> **Extracted information**:
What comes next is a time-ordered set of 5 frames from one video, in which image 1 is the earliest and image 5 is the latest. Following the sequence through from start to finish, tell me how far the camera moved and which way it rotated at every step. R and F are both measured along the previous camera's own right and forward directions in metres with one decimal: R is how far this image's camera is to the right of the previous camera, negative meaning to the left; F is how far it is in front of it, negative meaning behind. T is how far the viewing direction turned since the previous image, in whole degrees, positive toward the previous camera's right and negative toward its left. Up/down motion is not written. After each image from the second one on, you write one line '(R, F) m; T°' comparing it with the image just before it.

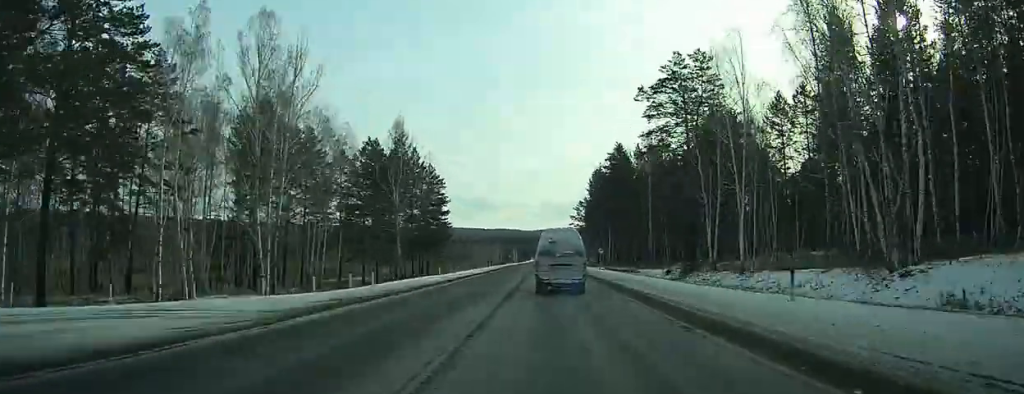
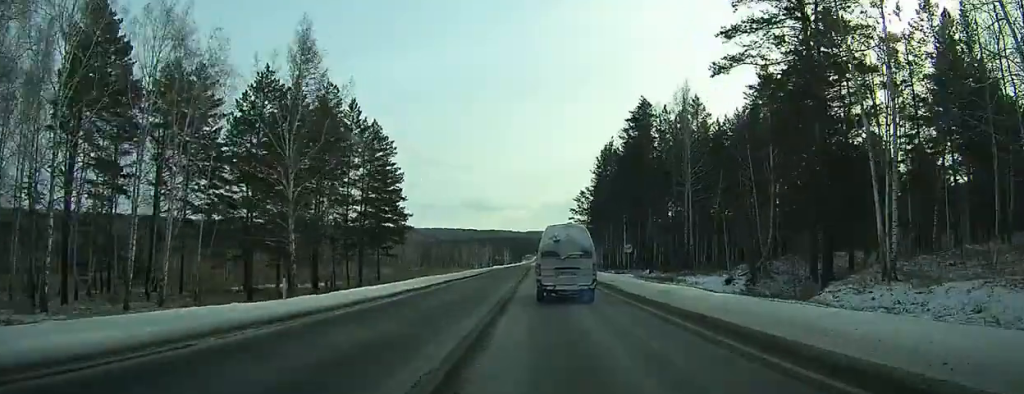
(-1.4, +32.6) m; -3°
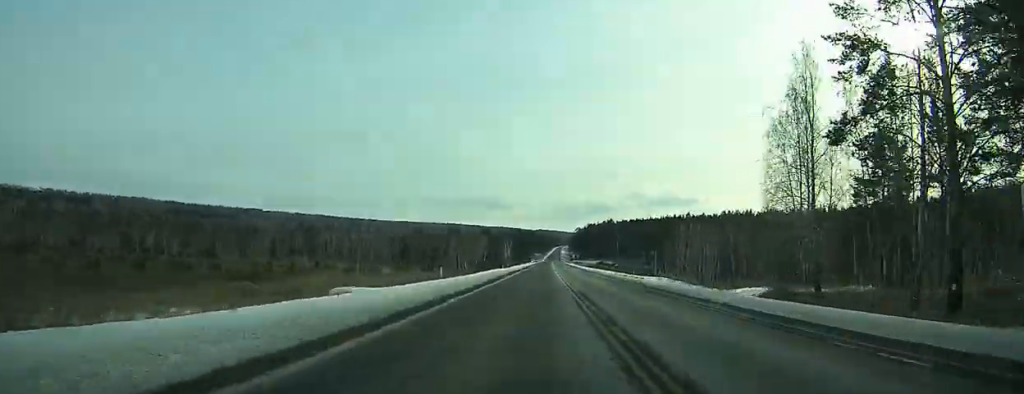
(+37.7, +114.0) m; +23°
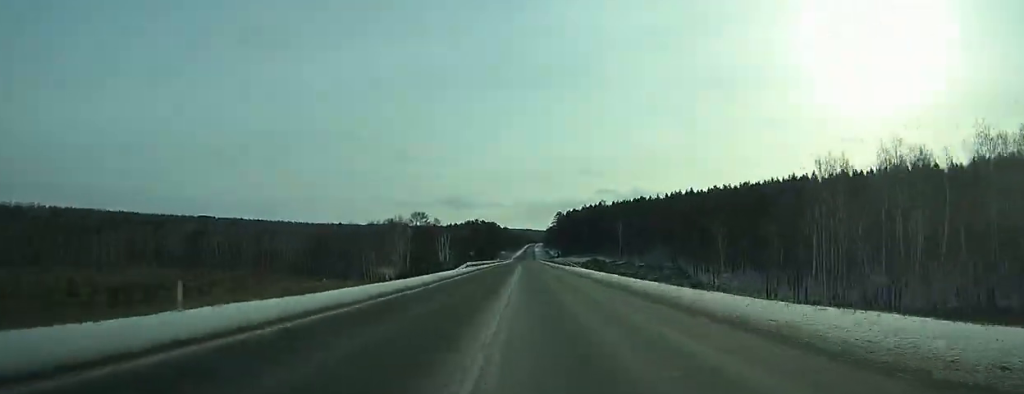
(-14.5, +114.5) m; -7°
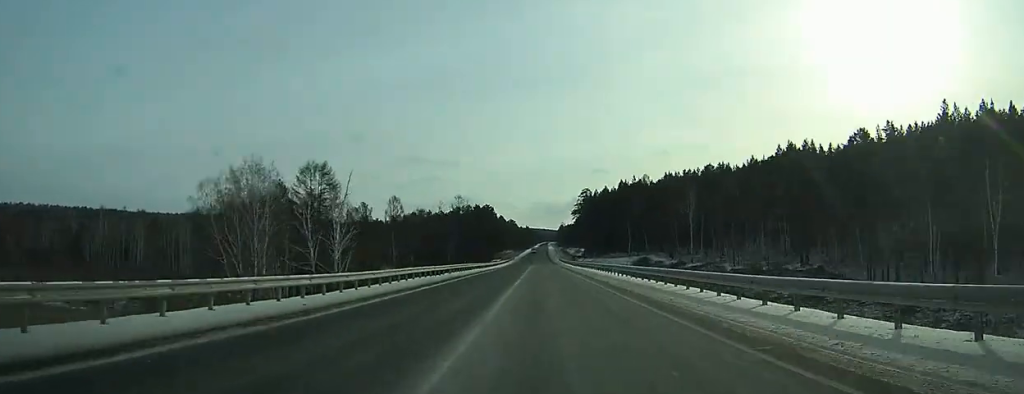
(+0.2, +102.8) m; 0°

> **Exercise prompt**: Pictures aside, repeat each entry in full and without change.

> **Result of this task**:
What comes next is a time-ordered set of 5 frames from one video, in which image 1 is the earliest and image 5 is the latest. Following the sequence through from start to finish, tell me how far the camera moved and which way it rotated at every step. R and F are both measured along the previous camera's own right and forward directions in metres with one decimal: R is how far this image's camera is to the right of the previous camera, negative meaning to the left; F is how far it is in front of it, negative meaning behind. T is how far the viewing direction turned since the previous image, in whole degrees, positive toward the previous camera's right and negative toward its left. Up/down motion is not written. After each image from the second one on, you write one line '(R, F) m; T°' comparing it with the image just before it.

(-1.4, +32.6) m; -3°
(+37.7, +114.0) m; +23°
(-14.5, +114.5) m; -7°
(+0.2, +102.8) m; 0°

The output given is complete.